Customer Churn Prediction Model using Explainable Machine Learning
- URL: http://arxiv.org/abs/2303.00960v1
- Date: Thu, 2 Mar 2023 04:45:57 GMT
- Title: Customer Churn Prediction Model using Explainable Machine Learning
- Authors: Jitendra Maan, Harsh Maan
- Abstract summary: Key objective of the paper is to develop a unique Customer churn prediction model which can help to predict potential customers who are most likely to churn.
We evaluated and analyzed the performance of various tree-based machine learning approaches and algorithms.
In order to improve Model explainability and transparency, paper proposed a novel approach to calculate Shapley values for possible combination of features.
- Score: 0.0
- License: http://arxiv.org/licenses/nonexclusive-distrib/1.0/
- Abstract: It becomes a significant challenge to predict customer behavior and retain an
existing customer with the rapid growth of digitization which opens up more
opportunities for customers to choose from subscription-based products and
services model. Since the cost of acquiring a new customer is five-times higher
than retaining an existing customer, henceforth, there is a need to address the
customer churn problem which is a major threat across the Industries.
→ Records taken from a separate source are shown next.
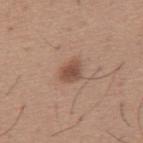The lesion was photographed on a routine skin check and not biopsied; there is no pathology result. From the mid back. The subject is a male aged 63 to 67. This image is a 15 mm lesion crop taken from a total-body photograph.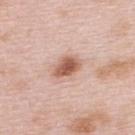Clinical impression:
The lesion was tiled from a total-body skin photograph and was not biopsied.
Background:
An algorithmic analysis of the crop reported a border-irregularity rating of about 2/10, a color-variation rating of about 3/10, and radial color variation of about 1. It also reported an automated nevus-likeness rating near 95 out of 100 and lesion-presence confidence of about 100/100. Imaged with white-light lighting. Measured at roughly 3.5 mm in maximum diameter. The lesion is located on the back. A roughly 15 mm field-of-view crop from a total-body skin photograph. The subject is a female in their mid- to late 60s.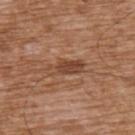Assessment: Captured during whole-body skin photography for melanoma surveillance; the lesion was not biopsied. Image and clinical context: Located on the upper back. The patient is a male aged approximately 75. A 15 mm crop from a total-body photograph taken for skin-cancer surveillance. The tile uses white-light illumination.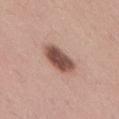Captured during whole-body skin photography for melanoma surveillance; the lesion was not biopsied. Captured under white-light illumination. The patient is a male roughly 30 years of age. Approximately 4.5 mm at its widest. From the lower back. This image is a 15 mm lesion crop taken from a total-body photograph.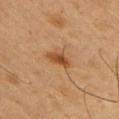follow-up: total-body-photography surveillance lesion; no biopsy
imaging modality: total-body-photography crop, ~15 mm field of view
anatomic site: the right upper arm
image-analysis metrics: an average lesion color of about L≈49 a*≈23 b*≈38 (CIELAB), roughly 11 lightness units darker than nearby skin, and a lesion-to-skin contrast of about 8.5 (normalized; higher = more distinct); a detector confidence of about 100 out of 100 that the crop contains a lesion
diameter: ≈3 mm
patient: male, aged 48–52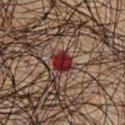The lesion was photographed on a routine skin check and not biopsied; there is no pathology result.
The subject is a male in their mid-40s.
The lesion is on the front of the torso.
This is a cross-polarized tile.
A 15 mm close-up tile from a total-body photography series done for melanoma screening.
About 2.5 mm across.
The lesion-visualizer software estimated a lesion area of about 5 mm², an eccentricity of roughly 0.5, and a symmetry-axis asymmetry near 0.15. The analysis additionally found a lesion–skin lightness drop of about 16 and a normalized border contrast of about 14.5.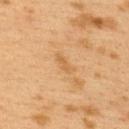Notes:
- follow-up · no biopsy performed (imaged during a skin exam)
- body site · the upper back
- image source · total-body-photography crop, ~15 mm field of view
- subject · female, roughly 40 years of age
- illumination · cross-polarized
- diameter · about 3 mm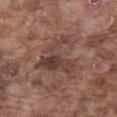Clinical impression:
Part of a total-body skin-imaging series; this lesion was reviewed on a skin check and was not flagged for biopsy.
Image and clinical context:
The subject is a male aged 73 to 77. The lesion is located on the left thigh. An algorithmic analysis of the crop reported a lesion area of about 17 mm², an outline eccentricity of about 0.35 (0 = round, 1 = elongated), and two-axis asymmetry of about 0.65. And it measured a mean CIELAB color near L≈41 a*≈17 b*≈21 and a normalized lesion–skin contrast near 7.5. It also reported an automated nevus-likeness rating near 0 out of 100 and a detector confidence of about 55 out of 100 that the crop contains a lesion. This is a white-light tile. A lesion tile, about 15 mm wide, cut from a 3D total-body photograph.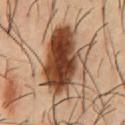| field | value |
|---|---|
| workup | imaged on a skin check; not biopsied |
| acquisition | ~15 mm crop, total-body skin-cancer survey |
| lighting | cross-polarized illumination |
| body site | the chest |
| lesion diameter | about 9 mm |
| automated metrics | a lesion area of about 33 mm² and an eccentricity of roughly 0.8; an average lesion color of about L≈43 a*≈20 b*≈31 (CIELAB) and a lesion–skin lightness drop of about 20; a nevus-likeness score of about 100/100 and a detector confidence of about 100 out of 100 that the crop contains a lesion |
| patient | male, roughly 55 years of age |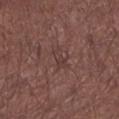Q: Was a biopsy performed?
A: no biopsy performed (imaged during a skin exam)
Q: What kind of image is this?
A: total-body-photography crop, ~15 mm field of view
Q: Where on the body is the lesion?
A: the left lower leg
Q: Who is the patient?
A: male, in their mid- to late 50s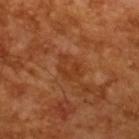A 15 mm crop from a total-body photograph taken for skin-cancer surveillance. Measured at roughly 3.5 mm in maximum diameter. The tile uses cross-polarized illumination. A male patient, aged approximately 65. An algorithmic analysis of the crop reported border irregularity of about 6.5 on a 0–10 scale, a within-lesion color-variation index near 0.5/10, and peripheral color asymmetry of about 0. And it measured a lesion-detection confidence of about 100/100.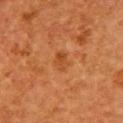This lesion was catalogued during total-body skin photography and was not selected for biopsy. A roughly 15 mm field-of-view crop from a total-body skin photograph. From the left upper arm. This is a cross-polarized tile. A female patient, about 50 years old.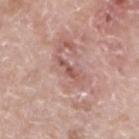This lesion was catalogued during total-body skin photography and was not selected for biopsy.
Located on the right forearm.
A 15 mm close-up tile from a total-body photography series done for melanoma screening.
A male subject, about 50 years old.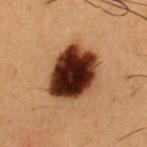biopsy status: total-body-photography surveillance lesion; no biopsy
image: ~15 mm tile from a whole-body skin photo
patient: male, aged 48 to 52
body site: the chest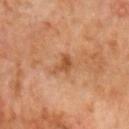- notes · catalogued during a skin exam; not biopsied
- acquisition · total-body-photography crop, ~15 mm field of view
- site · the head or neck
- lesion size · about 3 mm
- subject · male, roughly 60 years of age
- lighting · cross-polarized illumination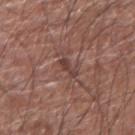The tile uses white-light illumination. Automated image analysis of the tile measured a border-irregularity rating of about 5/10 and peripheral color asymmetry of about 0. The analysis additionally found a classifier nevus-likeness of about 0/100. Located on the arm. The subject is a male roughly 75 years of age. Cropped from a total-body skin-imaging series; the visible field is about 15 mm.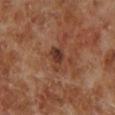Impression: This lesion was catalogued during total-body skin photography and was not selected for biopsy. Context: The lesion is on the leg. Longest diameter approximately 3 mm. Captured under cross-polarized illumination. A male subject, aged 68 to 72. A lesion tile, about 15 mm wide, cut from a 3D total-body photograph.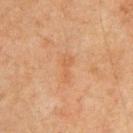biopsy status = total-body-photography surveillance lesion; no biopsy
subject = male, about 65 years old
imaging modality = total-body-photography crop, ~15 mm field of view
site = the chest
TBP lesion metrics = an area of roughly 3.5 mm² and a symmetry-axis asymmetry near 0.4; an average lesion color of about L≈51 a*≈21 b*≈35 (CIELAB) and roughly 5 lightness units darker than nearby skin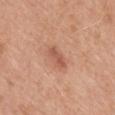  biopsy_status: not biopsied; imaged during a skin examination
  automated_metrics:
    cielab_L: 55
    cielab_a: 25
    cielab_b: 31
    vs_skin_darker_L: 9.0
    vs_skin_contrast_norm: 6.5
    border_irregularity_0_10: 3.0
    color_variation_0_10: 1.0
    peripheral_color_asymmetry: 0.0
  site: back
  patient:
    sex: male
    age_approx: 30
  image:
    source: total-body photography crop
    field_of_view_mm: 15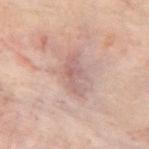<lesion>
  <lighting>cross-polarized</lighting>
  <image>
    <source>total-body photography crop</source>
    <field_of_view_mm>15</field_of_view_mm>
  </image>
  <automated_metrics>
    <cielab_L>49</cielab_L>
    <cielab_a>16</cielab_a>
    <cielab_b>19</cielab_b>
    <vs_skin_contrast_norm>5.5</vs_skin_contrast_norm>
  </automated_metrics>
  <site>back</site>
  <lesion_size>
    <long_diameter_mm_approx>4.5</long_diameter_mm_approx>
  </lesion_size>
  <patient>
    <sex>male</sex>
    <age_approx>50</age_approx>
  </patient>
</lesion>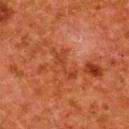Findings:
• notes — no biopsy performed (imaged during a skin exam)
• image source — ~15 mm crop, total-body skin-cancer survey
• image-analysis metrics — a symmetry-axis asymmetry near 0.5; a lesion color around L≈36 a*≈28 b*≈33 in CIELAB, roughly 6 lightness units darker than nearby skin, and a normalized border contrast of about 5.5; a detector confidence of about 95 out of 100 that the crop contains a lesion
• anatomic site — the upper back
• illumination — cross-polarized illumination
• subject — female, in their 50s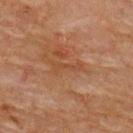Impression: The lesion was tiled from a total-body skin photograph and was not biopsied. Background: The lesion is on the upper back. Automated tile analysis of the lesion measured a lesion area of about 3 mm², an eccentricity of roughly 0.95, and a symmetry-axis asymmetry near 0.45. It also reported a mean CIELAB color near L≈40 a*≈20 b*≈31, about 5 CIELAB-L* units darker than the surrounding skin, and a lesion-to-skin contrast of about 5 (normalized; higher = more distinct). The analysis additionally found a border-irregularity index near 6.5/10 and internal color variation of about 0 on a 0–10 scale. The software also gave a nevus-likeness score of about 0/100 and a detector confidence of about 90 out of 100 that the crop contains a lesion. A female subject in their 80s. This image is a 15 mm lesion crop taken from a total-body photograph.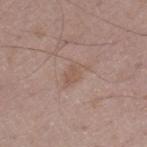Q: Is there a histopathology result?
A: total-body-photography surveillance lesion; no biopsy
Q: Patient demographics?
A: male, approximately 50 years of age
Q: Lesion size?
A: ≈3.5 mm
Q: How was this image acquired?
A: ~15 mm crop, total-body skin-cancer survey
Q: What is the anatomic site?
A: the left thigh
Q: Automated lesion metrics?
A: a shape eccentricity near 0.8; a mean CIELAB color near L≈54 a*≈17 b*≈25, about 6 CIELAB-L* units darker than the surrounding skin, and a normalized border contrast of about 5; a border-irregularity index near 4.5/10, internal color variation of about 1.5 on a 0–10 scale, and a peripheral color-asymmetry measure near 0.5
Q: How was the tile lit?
A: white-light illumination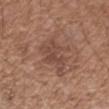The lesion was tiled from a total-body skin photograph and was not biopsied. This is a white-light tile. A 15 mm close-up extracted from a 3D total-body photography capture. The patient is a male aged approximately 50. The lesion is located on the right forearm.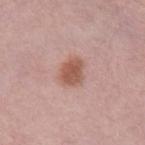No biopsy was performed on this lesion — it was imaged during a full skin examination and was not determined to be concerning. On the chest. The recorded lesion diameter is about 3.5 mm. This is a white-light tile. A 15 mm crop from a total-body photograph taken for skin-cancer surveillance. A female patient aged approximately 65. The total-body-photography lesion software estimated a lesion color around L≈55 a*≈23 b*≈27 in CIELAB.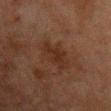biopsy status=total-body-photography surveillance lesion; no biopsy
acquisition=~15 mm crop, total-body skin-cancer survey
subject=male, aged 58 to 62
tile lighting=cross-polarized
size=≈3.5 mm
TBP lesion metrics=a lesion area of about 9 mm² and a shape eccentricity near 0.6; an average lesion color of about L≈22 a*≈16 b*≈22 (CIELAB), roughly 5 lightness units darker than nearby skin, and a normalized border contrast of about 6; a border-irregularity index near 3.5/10 and internal color variation of about 2 on a 0–10 scale
anatomic site=the chest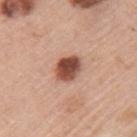No biopsy was performed on this lesion — it was imaged during a full skin examination and was not determined to be concerning.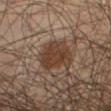| key | value |
|---|---|
| workup | no biopsy performed (imaged during a skin exam) |
| subject | male, approximately 55 years of age |
| body site | the left thigh |
| acquisition | ~15 mm tile from a whole-body skin photo |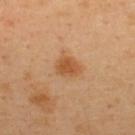• workup — imaged on a skin check; not biopsied
• lesion size — about 3 mm
• site — the upper back
• patient — male, aged 38–42
• lighting — cross-polarized illumination
• image source — 15 mm crop, total-body photography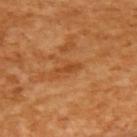| key | value |
|---|---|
| follow-up | no biopsy performed (imaged during a skin exam) |
| site | the upper back |
| acquisition | ~15 mm tile from a whole-body skin photo |
| TBP lesion metrics | an average lesion color of about L≈48 a*≈28 b*≈43 (CIELAB), a lesion–skin lightness drop of about 9, and a normalized lesion–skin contrast near 6.5; a border-irregularity index near 4/10, a within-lesion color-variation index near 0/10, and a peripheral color-asymmetry measure near 0; a classifier nevus-likeness of about 0/100 and a lesion-detection confidence of about 100/100 |
| lesion diameter | ~3 mm (longest diameter) |
| patient | female, in their mid- to late 50s |
| illumination | cross-polarized |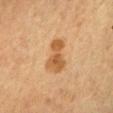No biopsy was performed on this lesion — it was imaged during a full skin examination and was not determined to be concerning. The lesion is located on the chest. The recorded lesion diameter is about 4.5 mm. A 15 mm close-up tile from a total-body photography series done for melanoma screening. Captured under cross-polarized illumination. A male subject roughly 60 years of age.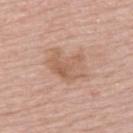The lesion was photographed on a routine skin check and not biopsied; there is no pathology result. The lesion is located on the upper back. Cropped from a whole-body photographic skin survey; the tile spans about 15 mm. A male patient, aged around 65.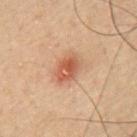Q: How was this image acquired?
A: 15 mm crop, total-body photography
Q: Who is the patient?
A: male, roughly 50 years of age
Q: Illumination type?
A: cross-polarized
Q: Where on the body is the lesion?
A: the chest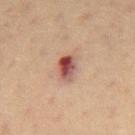workup — total-body-photography surveillance lesion; no biopsy | automated lesion analysis — a lesion area of about 5.5 mm², a shape eccentricity near 0.8, and two-axis asymmetry of about 0.2; an automated nevus-likeness rating near 0 out of 100 and a lesion-detection confidence of about 100/100 | size — ~3 mm (longest diameter) | subject — male, aged 68 to 72 | acquisition — ~15 mm crop, total-body skin-cancer survey | location — the front of the torso | tile lighting — cross-polarized.

Considering direct impact on revenues, companies identify the factors that
increases the customer churn rate. Here, key objective of the paper is to
develop a unique Customer churn prediction model which can help to predict
potential customers who are most likely to churn and such early warnings can
help to take corrective measures to retain them. Here, we evaluated and
analyzed the performance of various tree-based machine learning approaches and
algorithms and identified the Extreme Gradient Boosting XGBOOST Classifier as
the most optimal solution to Customer churn problem. To deal with such
real-world problems, Paper emphasize the Model interpretability which is an
important metric to help customers to understand how Churn Prediction Model is
making predictions. In order to improve Model explainability and transparency,
paper proposed a novel approach to calculate Shapley values for possible
combination of features to explain which features are the most
important/relevant features for a model to become highly interpretable,
transparent and explainable to potential customers.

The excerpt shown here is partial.